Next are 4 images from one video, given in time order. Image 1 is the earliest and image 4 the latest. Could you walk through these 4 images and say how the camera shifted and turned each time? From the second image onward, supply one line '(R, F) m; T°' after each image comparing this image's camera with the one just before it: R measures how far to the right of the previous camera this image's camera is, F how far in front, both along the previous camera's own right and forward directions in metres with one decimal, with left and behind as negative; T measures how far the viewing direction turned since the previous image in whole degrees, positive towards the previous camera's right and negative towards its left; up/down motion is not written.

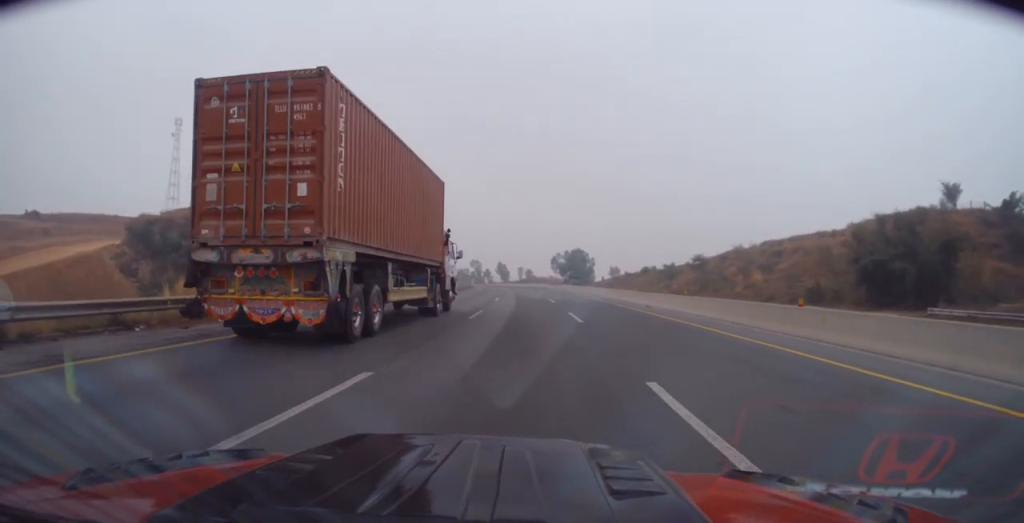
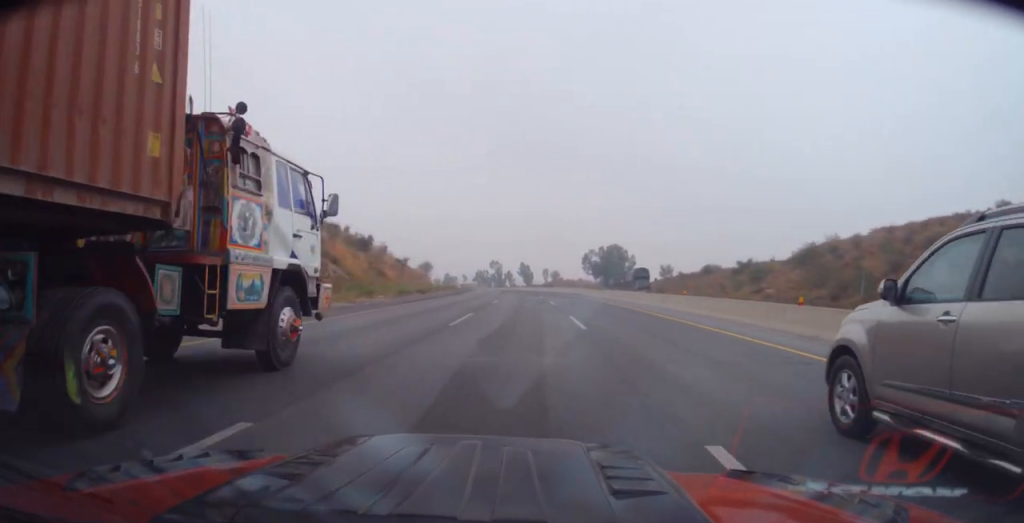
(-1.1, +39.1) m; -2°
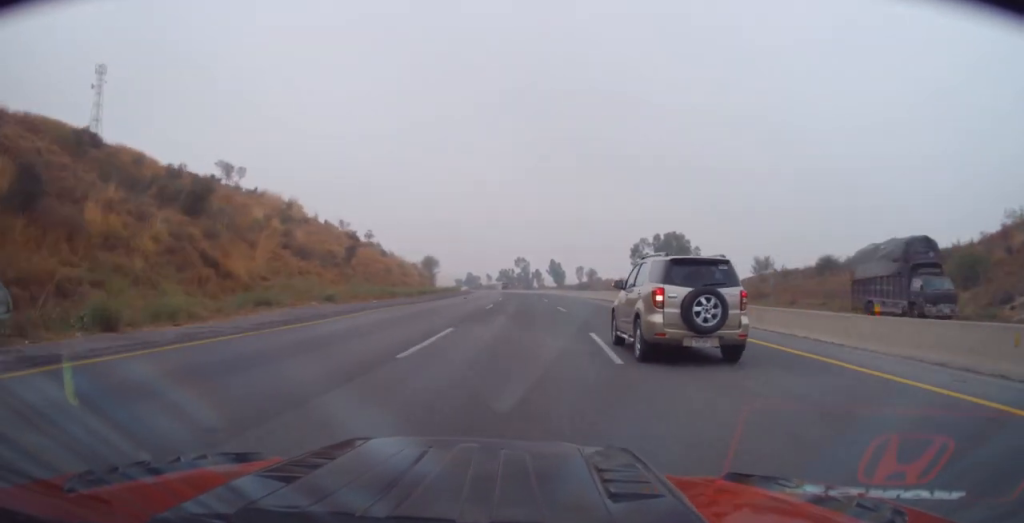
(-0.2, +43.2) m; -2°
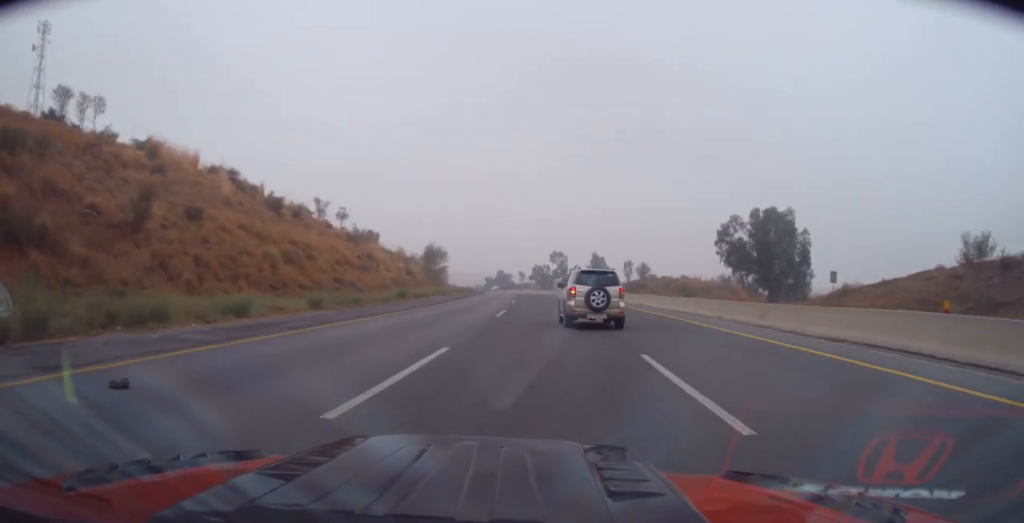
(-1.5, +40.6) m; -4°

--

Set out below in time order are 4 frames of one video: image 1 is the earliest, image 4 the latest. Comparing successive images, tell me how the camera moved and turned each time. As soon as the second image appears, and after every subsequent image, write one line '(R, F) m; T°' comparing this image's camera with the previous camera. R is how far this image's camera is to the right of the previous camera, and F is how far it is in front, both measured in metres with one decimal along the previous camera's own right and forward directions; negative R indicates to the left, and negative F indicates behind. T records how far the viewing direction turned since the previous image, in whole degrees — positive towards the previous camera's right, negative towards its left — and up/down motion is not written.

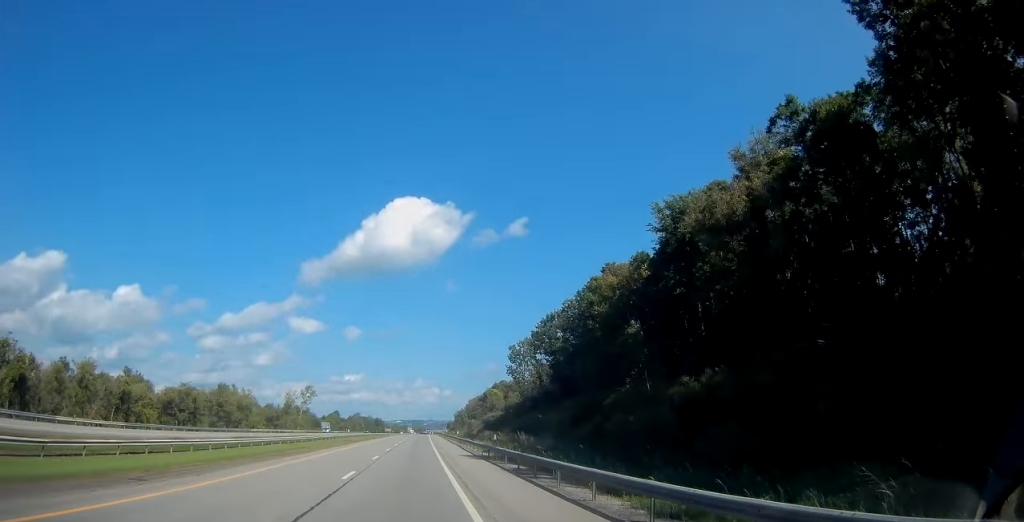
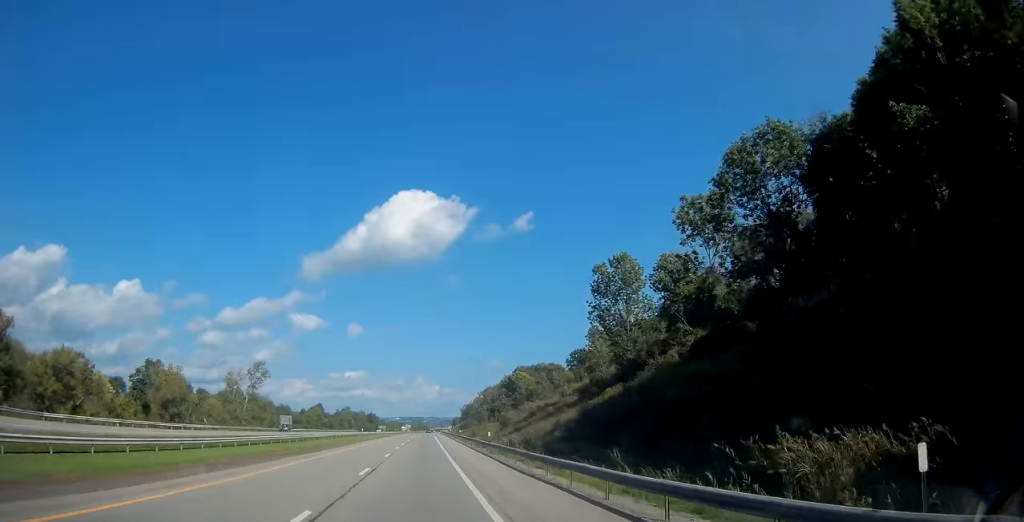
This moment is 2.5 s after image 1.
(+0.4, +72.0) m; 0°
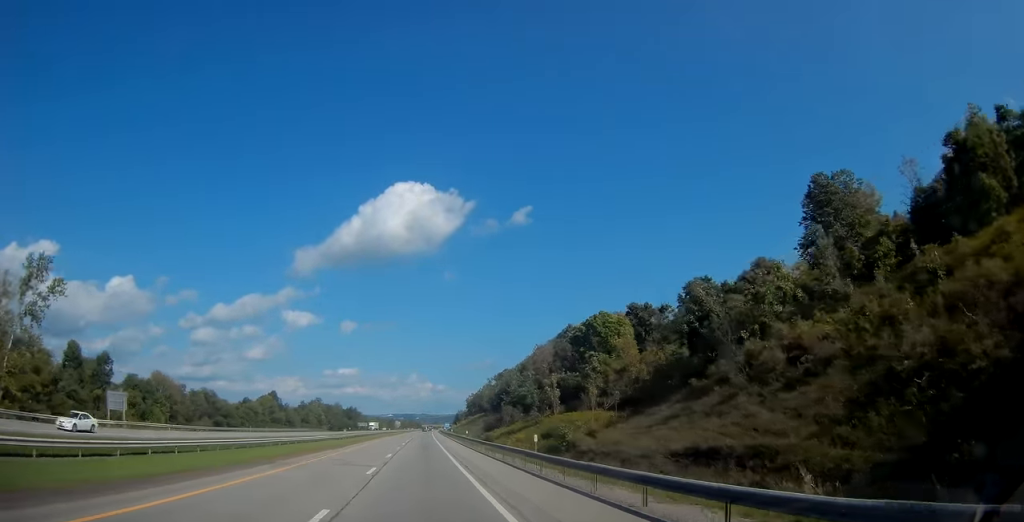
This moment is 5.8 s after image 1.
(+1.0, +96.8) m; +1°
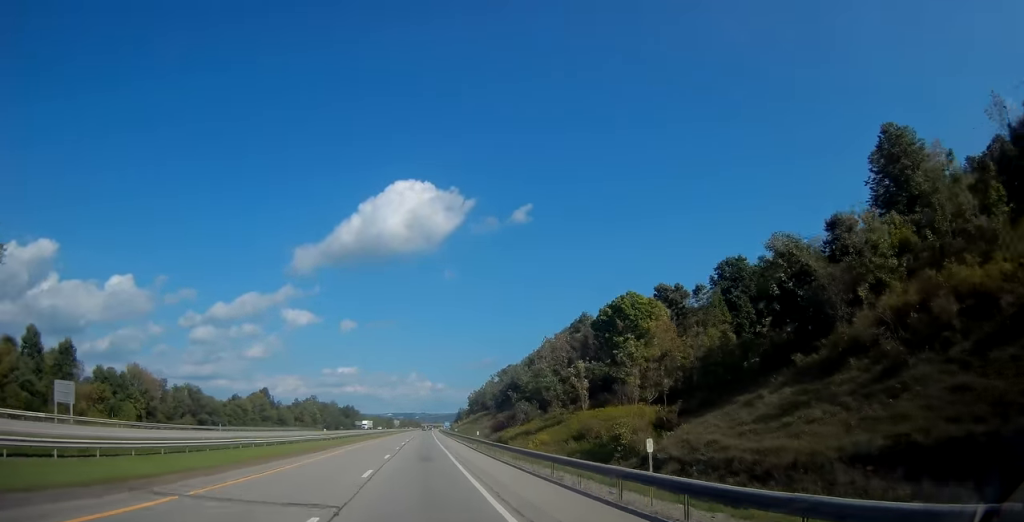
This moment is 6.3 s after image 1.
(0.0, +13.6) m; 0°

* * *

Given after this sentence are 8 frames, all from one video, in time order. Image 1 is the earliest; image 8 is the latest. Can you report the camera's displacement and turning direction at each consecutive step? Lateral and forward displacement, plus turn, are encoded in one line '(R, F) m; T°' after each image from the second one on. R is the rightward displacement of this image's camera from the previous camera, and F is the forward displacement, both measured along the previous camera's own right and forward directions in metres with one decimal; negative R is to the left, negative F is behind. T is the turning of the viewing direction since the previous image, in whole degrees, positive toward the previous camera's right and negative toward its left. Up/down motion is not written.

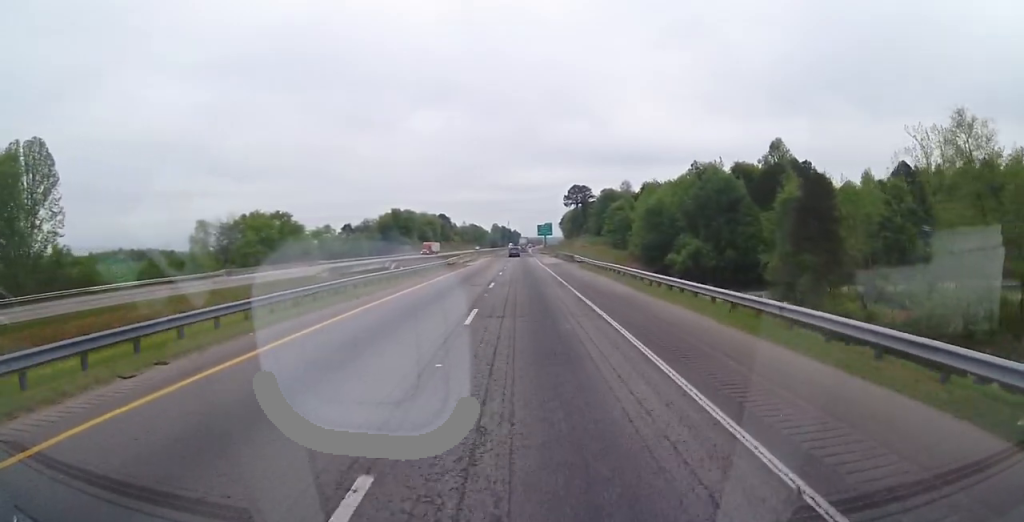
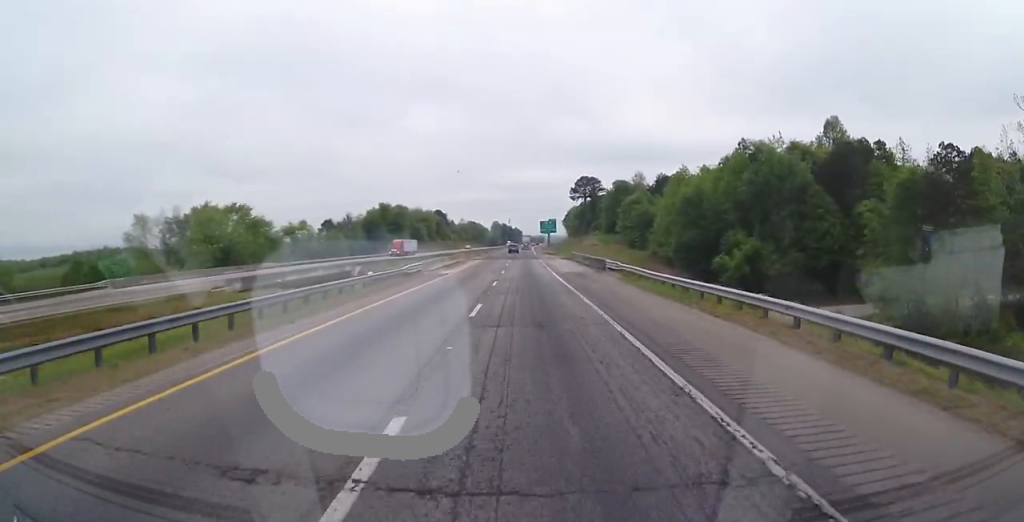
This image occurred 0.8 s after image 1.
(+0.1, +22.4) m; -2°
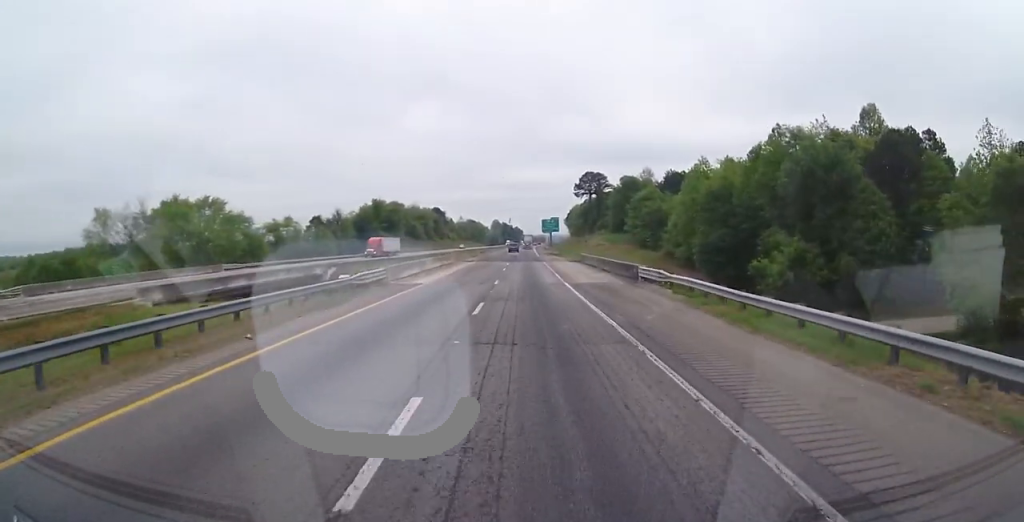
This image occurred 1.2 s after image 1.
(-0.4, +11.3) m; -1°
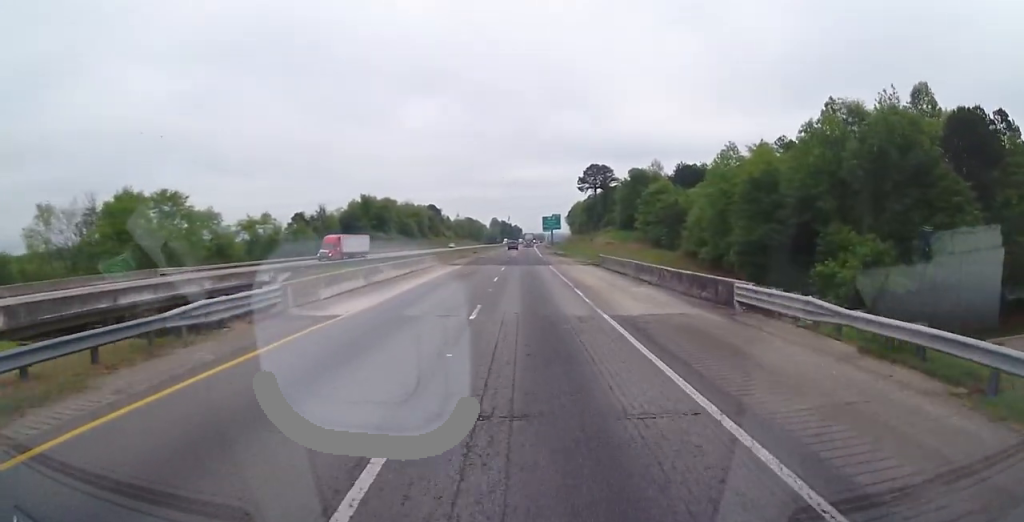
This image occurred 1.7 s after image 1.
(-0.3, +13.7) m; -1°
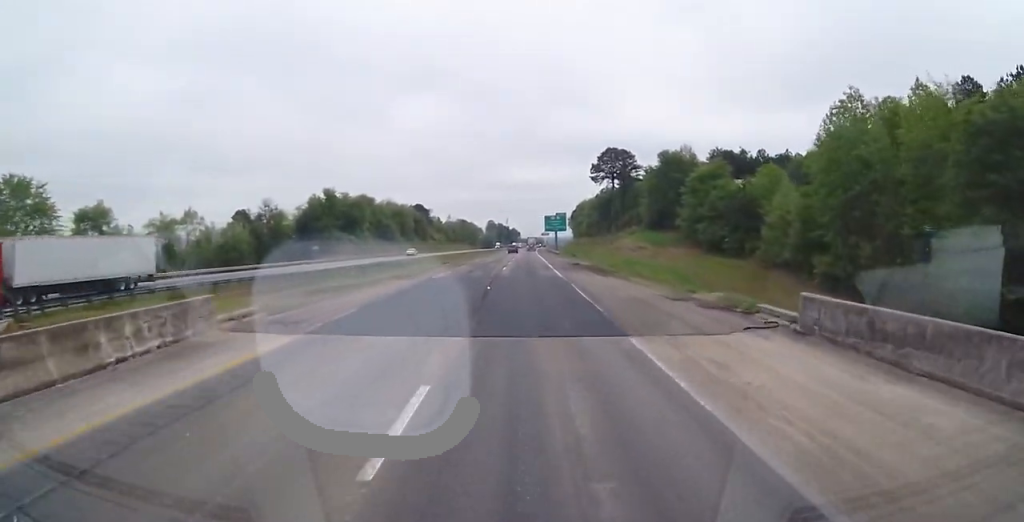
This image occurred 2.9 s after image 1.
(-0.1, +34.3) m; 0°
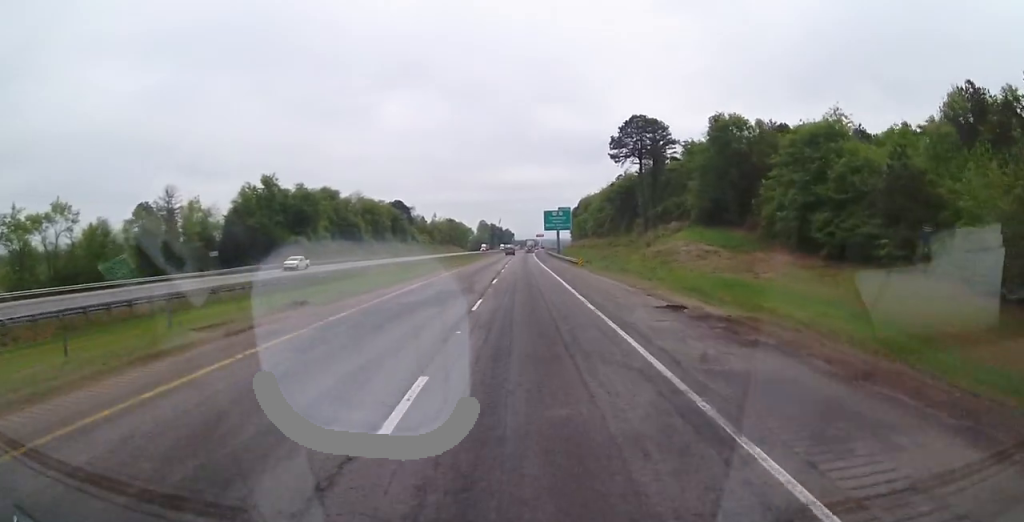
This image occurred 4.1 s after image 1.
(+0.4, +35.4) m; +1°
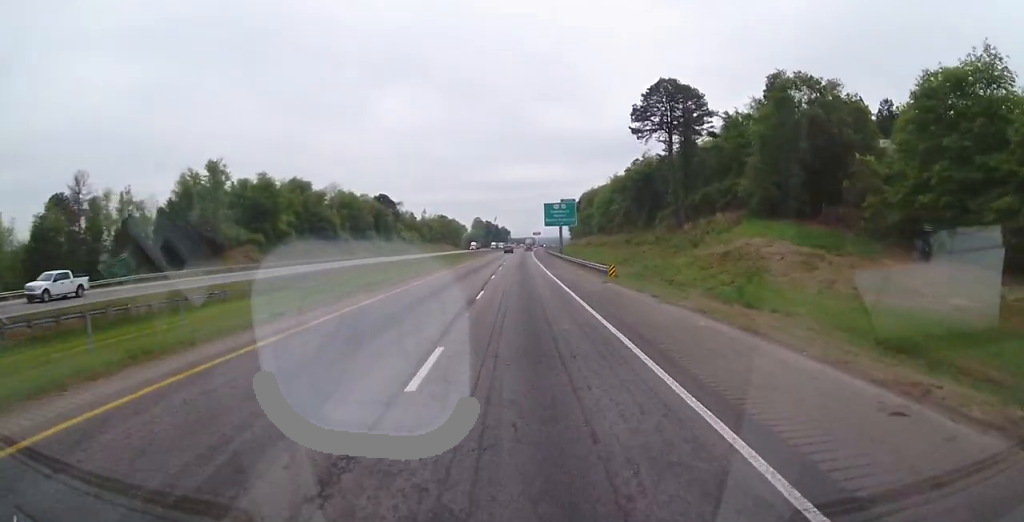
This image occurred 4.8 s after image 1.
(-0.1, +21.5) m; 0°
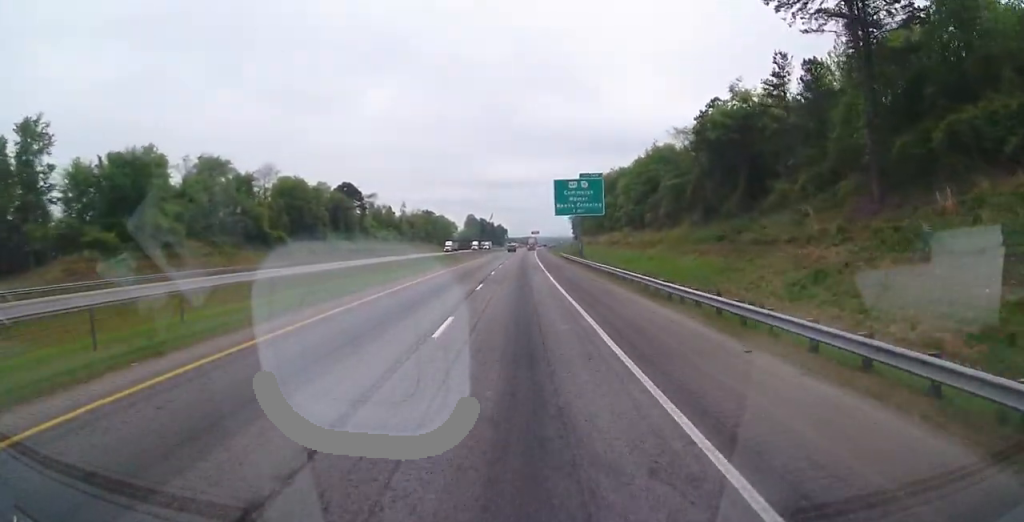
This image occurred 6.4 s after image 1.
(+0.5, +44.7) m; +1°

Task brief: Pick each line holding the word "measured" out of the listing.

Your response:
Set out below in time order are 4 frames of one video: image 1 is the earliest, image 4 the latest. Comparing successive images, tell me how the camera moved and turned each time. As soon as the second image appears, and after every subsequent image, write one line '(R, F) m; T°' comparing this image's camera with the previous camera. R is how far this image's camera is to the right of the previous camera, and F is how far it is in front, both measured in metres with one decimal along the previous camera's own right and forward directions; negative R indicates to the left, and negative F indicates behind. T records how far the viewing direction turned since the previous image, in whole degrees — positive towards the previous camera's right, negative towards its left — and up/down motion is not written.
Given after this sentence are 8 frames, all from one video, in time order. Image 1 is the earliest; image 8 is the latest. Can you report the camera's displacement and turning direction at each consecutive step? Lateral and forward displacement, plus turn, are encoded in one line '(R, F) m; T°' after each image from the second one on. R is the rightward displacement of this image's camera from the previous camera, and F is the forward displacement, both measured along the previous camera's own right and forward directions in metres with one decimal; negative R is to the left, negative F is behind. T is the turning of the viewing direction since the previous image, in whole degrees, positive toward the previous camera's right and negative toward its left. Up/down motion is not written.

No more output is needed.